$16M grant at U of L given to increase health care access in underserved areas

Published 4:16 pm Monday, October 9, 2023

LOUISVILLE, Ky. (KT) – The University of Louisville announced Monday it received a $16 million federal grant to help increase Kentuckians’ access to health care, particularly in the state’s underserved rural and urban areas.

The U of L School of Medicine will use the funds from a four-year grant from the Health Resources and Services Administration (HRSA) to train more primary care physicians and encourage them to practice in underserved communities where they are needed.

Kentucky has a severe shortage of health care providers, according to UofL, with at least some portion of 113 of the state’s 120 counties designated as Health Professional Shortage Areas, including parts of Jefferson County.  Recent projections rank Kentucky lowest among the states in meeting the need for primary care physicians by 2025.

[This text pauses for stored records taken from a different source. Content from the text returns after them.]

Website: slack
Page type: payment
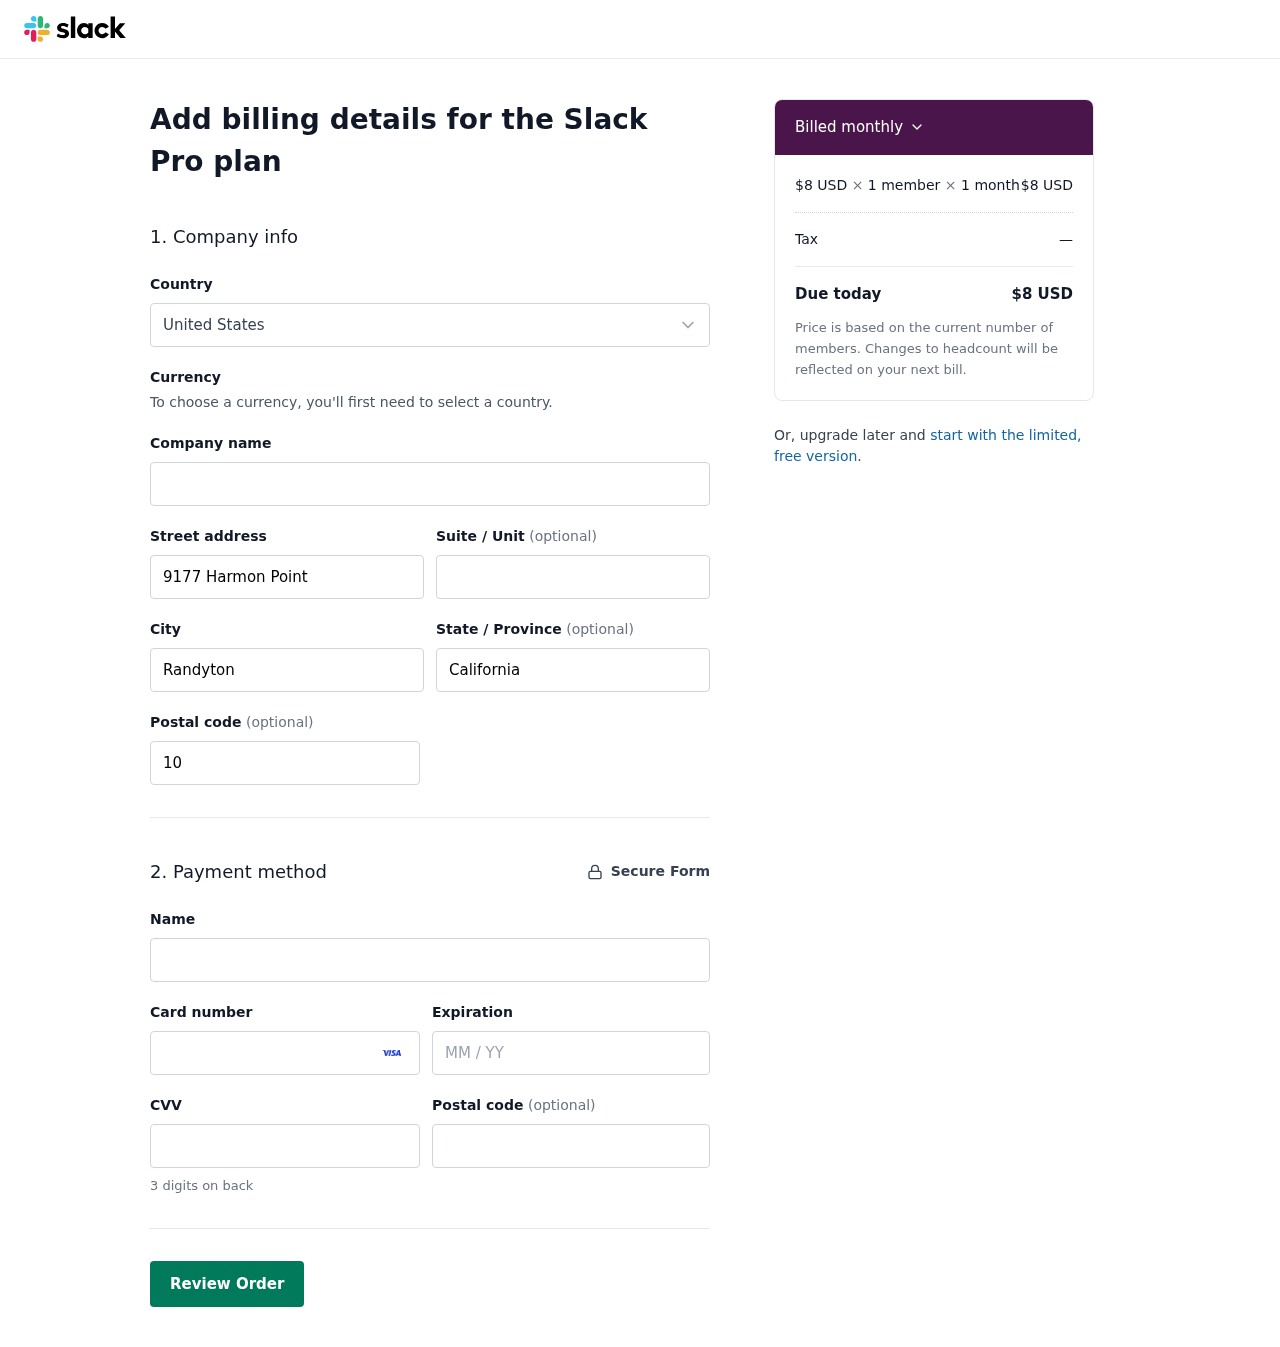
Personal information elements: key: PII_COUNTRY
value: United States
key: PII_STREET
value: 9177 Harmon Point
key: PII_CITY
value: Randyton
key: PII_STATE
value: California
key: PII_POSTCODE
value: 10985
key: PII_FULLNAME
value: Paul Jackson
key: PII_CARD_NUMBER
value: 4312 8652 2479 8794
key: PII_CARD_EXPIRY
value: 01/29
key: PII_CARD_CVV
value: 111
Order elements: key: ORDER_PRICE_PER_MEMBER
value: $8 USD
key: ORDER_NUM_MEMBERS
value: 1 member
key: ORDER_NUM_MONTHS
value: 1 month
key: ORDER_SUBTOTAL
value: $8 USD
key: ORDER_TAX
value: —
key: ORDER_TOTAL
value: $8 USD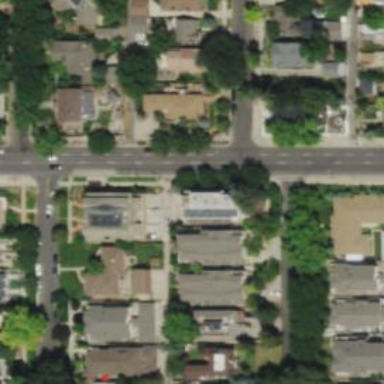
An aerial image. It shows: Alley classified as service road.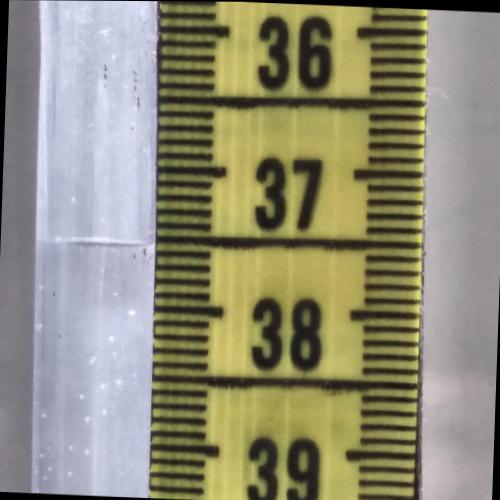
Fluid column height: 37.5 cm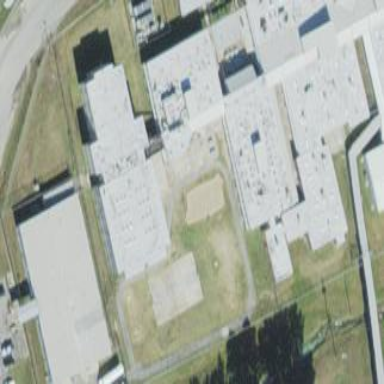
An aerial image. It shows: Prison.
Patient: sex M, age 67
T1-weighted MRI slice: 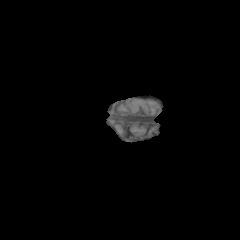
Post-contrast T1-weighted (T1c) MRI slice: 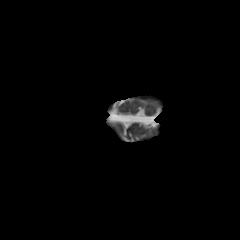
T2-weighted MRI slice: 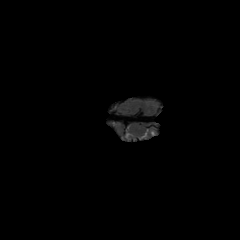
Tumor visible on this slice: no
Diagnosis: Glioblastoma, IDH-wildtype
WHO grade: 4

To attract and train medical students with an interest in practicing primary care in medically underserved communities, the School of Medicine will enhance existing programs that train students in the underserved rural environments, assist individuals from other careers who want to prepare for medical school, create a new program to train medical students in an urban environment, and provide scholarships to support students financially in all these programs.

“The UofL School of Medicine is honored to have been selected as a recipient of the HRSA grant and is committed to creating pathways that support workforce development for primary care careers in medically underserved regions,” said Jeffrey Bumpous, interim dean for the UofL School of Medicine and vice president of medical affairs.  “University leaders recognize the projects and programs supported by this funding are critical to the institutional mission of both the university and the School of Medicine and aim to sustain the efforts beyond the four-year term.”

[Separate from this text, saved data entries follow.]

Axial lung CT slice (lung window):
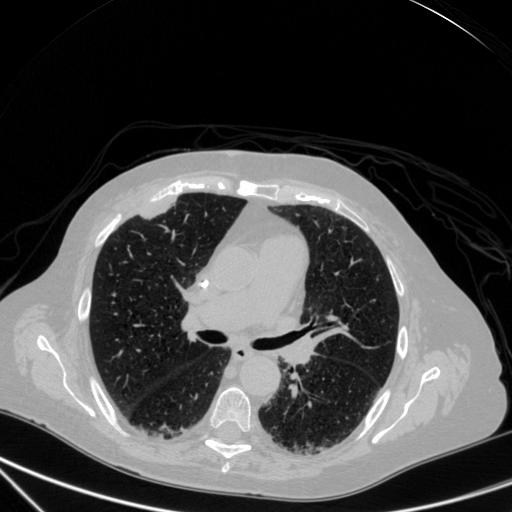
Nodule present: yes
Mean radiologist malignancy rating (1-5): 4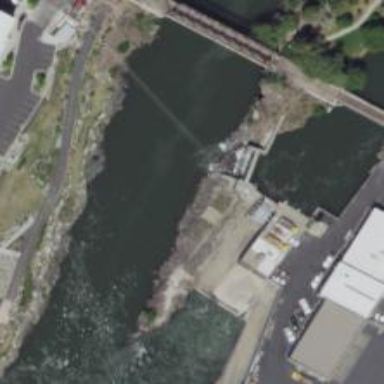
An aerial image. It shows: Dam along waterway.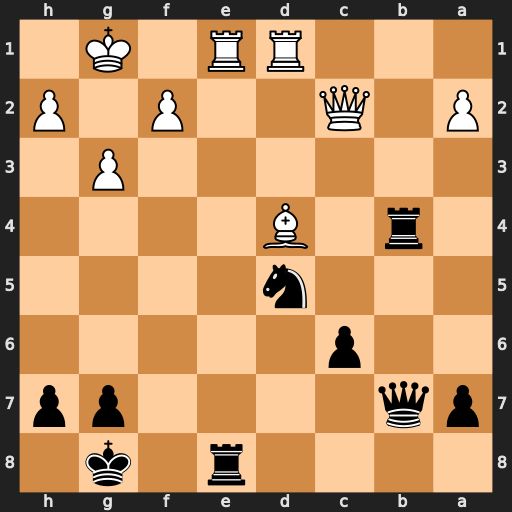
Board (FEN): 4r1k1/pq4pp/2p5/3n4/1r1B4/6P1/P1Q2P1P/3RR1K1
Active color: b
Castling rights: -
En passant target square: -
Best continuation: Rxe1+ Rxe1 Rxd4
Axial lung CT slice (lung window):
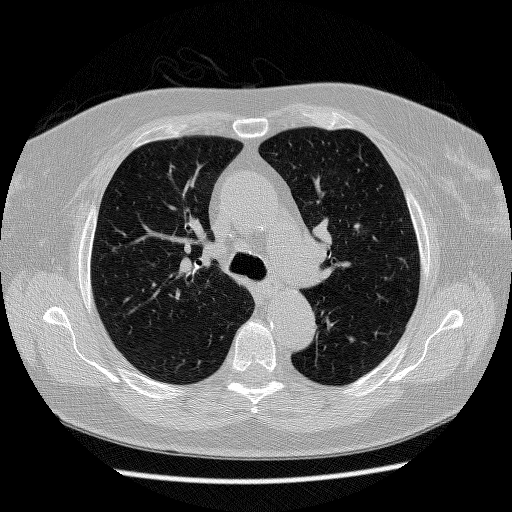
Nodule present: no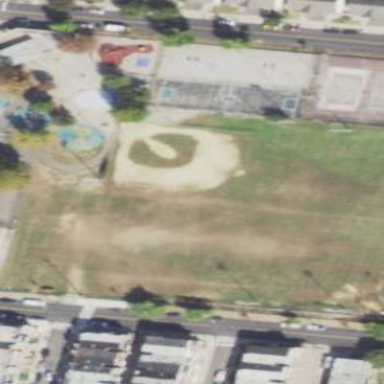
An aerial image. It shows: Baseball pitch for leisure and sports activities.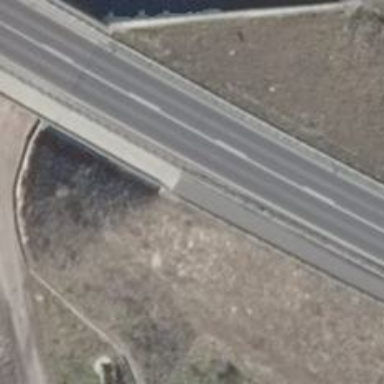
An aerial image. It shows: Paved path on bridge.
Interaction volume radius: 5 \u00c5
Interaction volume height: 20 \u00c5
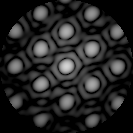
Disorder parameter: 0.09611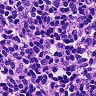
Metastatic tissue present: no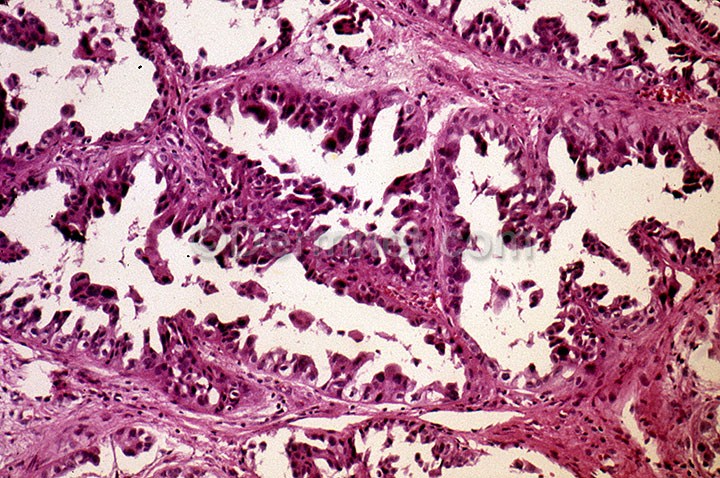
Disease: Actinic Keratosis Basal Cell Carcinoma and other Malignant Lesions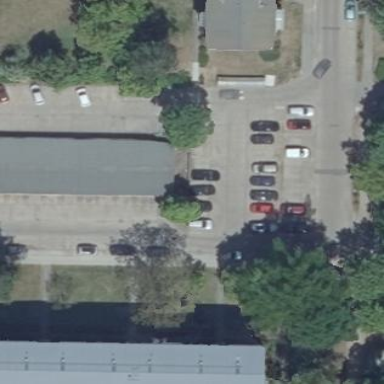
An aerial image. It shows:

Medical students in U of L’s Trover Rural Track complete their final two years of medical school at Trover Campus, located in Madisonville, Kentucky, hosted by Baptist Health Deaconess Madisonville.  Of the 170 physicians who have graduated from the Trover Rural Track so far, 75% practice primary care and 43% practice in rural communities.

“We are able to get more rural students into medical school and then into rural practice by supporting them all the way through the process, starting with high school,” said William J. Crump, associate dean of the UofL School of Medicine Trover Campus.  “This grant holds the promise of enlarging our campus, but most importantly building an urban underserved counterpart.”